If on the other hand there is likely to be an amount of variation (not simply due to random variation, I mean variation in the underlying proportion itself) from a variety of subpopulations about an overall population proportion, you could consider trying a mixed model (and because it's binomial data, it would be a generalized linear mixed model), where the random factor is the group (the different times).


In response to questions in comments:

With very small samples (n=3 or 4 say) there's probably little to do but assume.

With slightly larger samples you have a couple of possibilities for measuring the extra-variation that this would produce:

i) One possibility is to look at the homogeneity across samples. You could do a formal chi-squared test of heterogeneity, perhaps with an exact test or even just simulated p-values if too many of the expected values are small for the chi-square approximation to work.

However, note that formal hypothesis testing of assumptions isn't answering the right question.

The question of interest with regard to assumptions isn't 'is the assumption false by enough that we can reject it?' -- with large enough sample size you always will reject, so given the assumption is probably always strictly false, that's merely telling you about your sample size. The real question is 'is it so false that it badly impacts the original inference?', which is an effect size question). This leads us to:

ii) You could simply consider the differences visually by looking at/plotting the proportions and deciding if they're reasonably homogenous. You could make some choice about what you considered a big difference (in terms of 'does it matter' rather than 'is it statistically significant'). If you wished, you could go further by calculating the standard error of the proportions for each group. For example if the two standard errors of the proportions are $s$ and $l$ respectively (where $s<l$), then $1.96\sqrt{s^2+l^2}\leq 1.96(l+\frac{s}{1+\sqrt{2}})<2l+s$, so if you mark $\pm 1$ and $\pm 2$ standard errors either side of each proportion, a rough-but-conservative* 5% two-sample interval for the difference in two proportions would not include 0 if neither of the wider intervals overlapped the narrow interval on the other group. You'd expect a bit less than 5% of such pairwise interval-comparisons to fail to show any overlap, so if there were many such failures-to-overlap which were also important in size, you might find the assumption of homogeneity neither tenable nor a useful approximation.
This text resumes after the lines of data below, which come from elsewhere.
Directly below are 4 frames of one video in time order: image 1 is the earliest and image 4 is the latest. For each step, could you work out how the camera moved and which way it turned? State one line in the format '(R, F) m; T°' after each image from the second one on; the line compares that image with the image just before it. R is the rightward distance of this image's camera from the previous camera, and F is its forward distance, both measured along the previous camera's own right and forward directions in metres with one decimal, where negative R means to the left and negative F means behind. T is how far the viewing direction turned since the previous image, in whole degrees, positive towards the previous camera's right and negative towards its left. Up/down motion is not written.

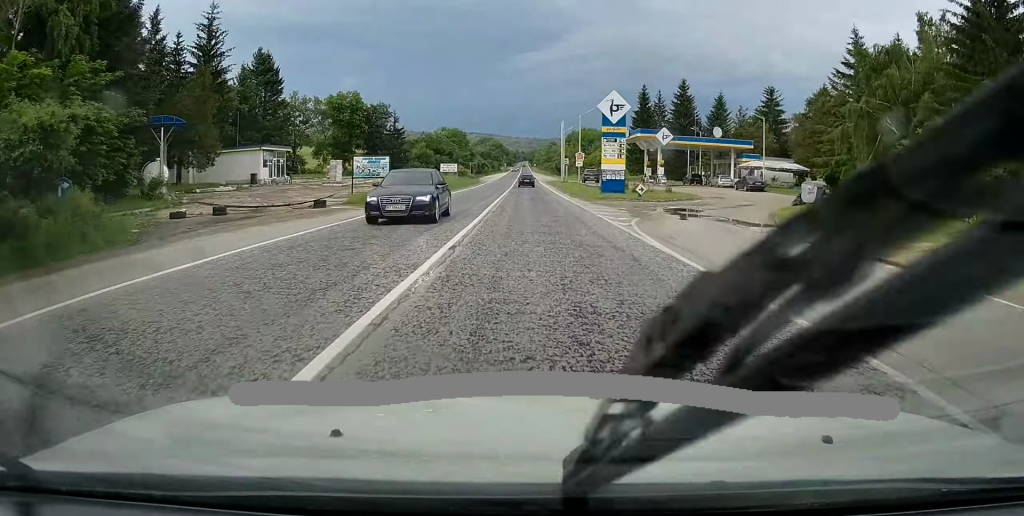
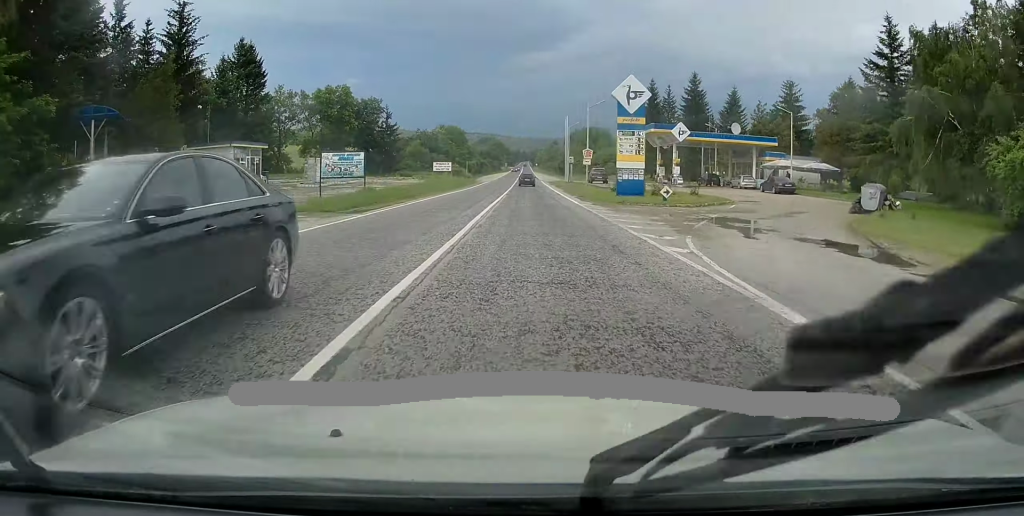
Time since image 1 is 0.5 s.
(+0.1, +6.9) m; 0°
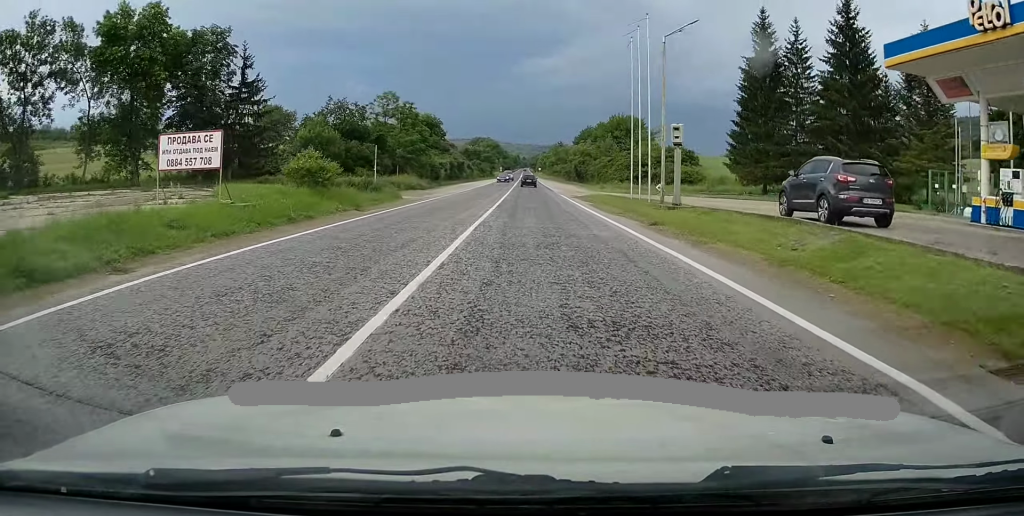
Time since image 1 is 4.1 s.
(+0.1, +54.0) m; +1°
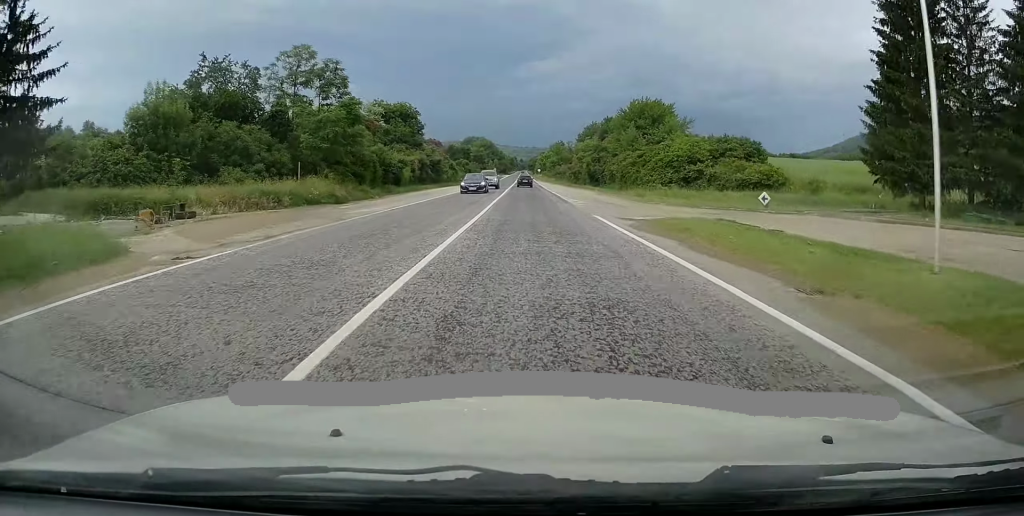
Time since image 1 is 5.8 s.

* you could come closer if you did them at 1.96 and 0.82 standard errors for the outer and inner intervals, but there's already several levels of approximation here anyway.


Discussion of the derivation of (and more details of the use of) the standard error bars and how to visually judge that two proportions would be different at the 5% level.

Refer to the Wikipedia page on binomial proportion confidence intervals for various intervals and references, but I give some additional ones here.

In this case I'll write as if the asymptotic standard errors apply, but just as for single samples you're probably better off using something like Agresti-Coull type intervals -- say the bounds derived by using the "add two successes and two failures" rule $\tilde{p}=\frac{X+2}{\tilde{n}}=\frac{X+2}{n+4}$ estimate with the associated standard errors $s(\tilde{p})=\sqrt{\tilde{p}(1-\tilde{p})/\tilde{n}}$ (i.e. generate the usual simple symmetric Wald interval but about a biased estimate, which has reasonably good coverage properties).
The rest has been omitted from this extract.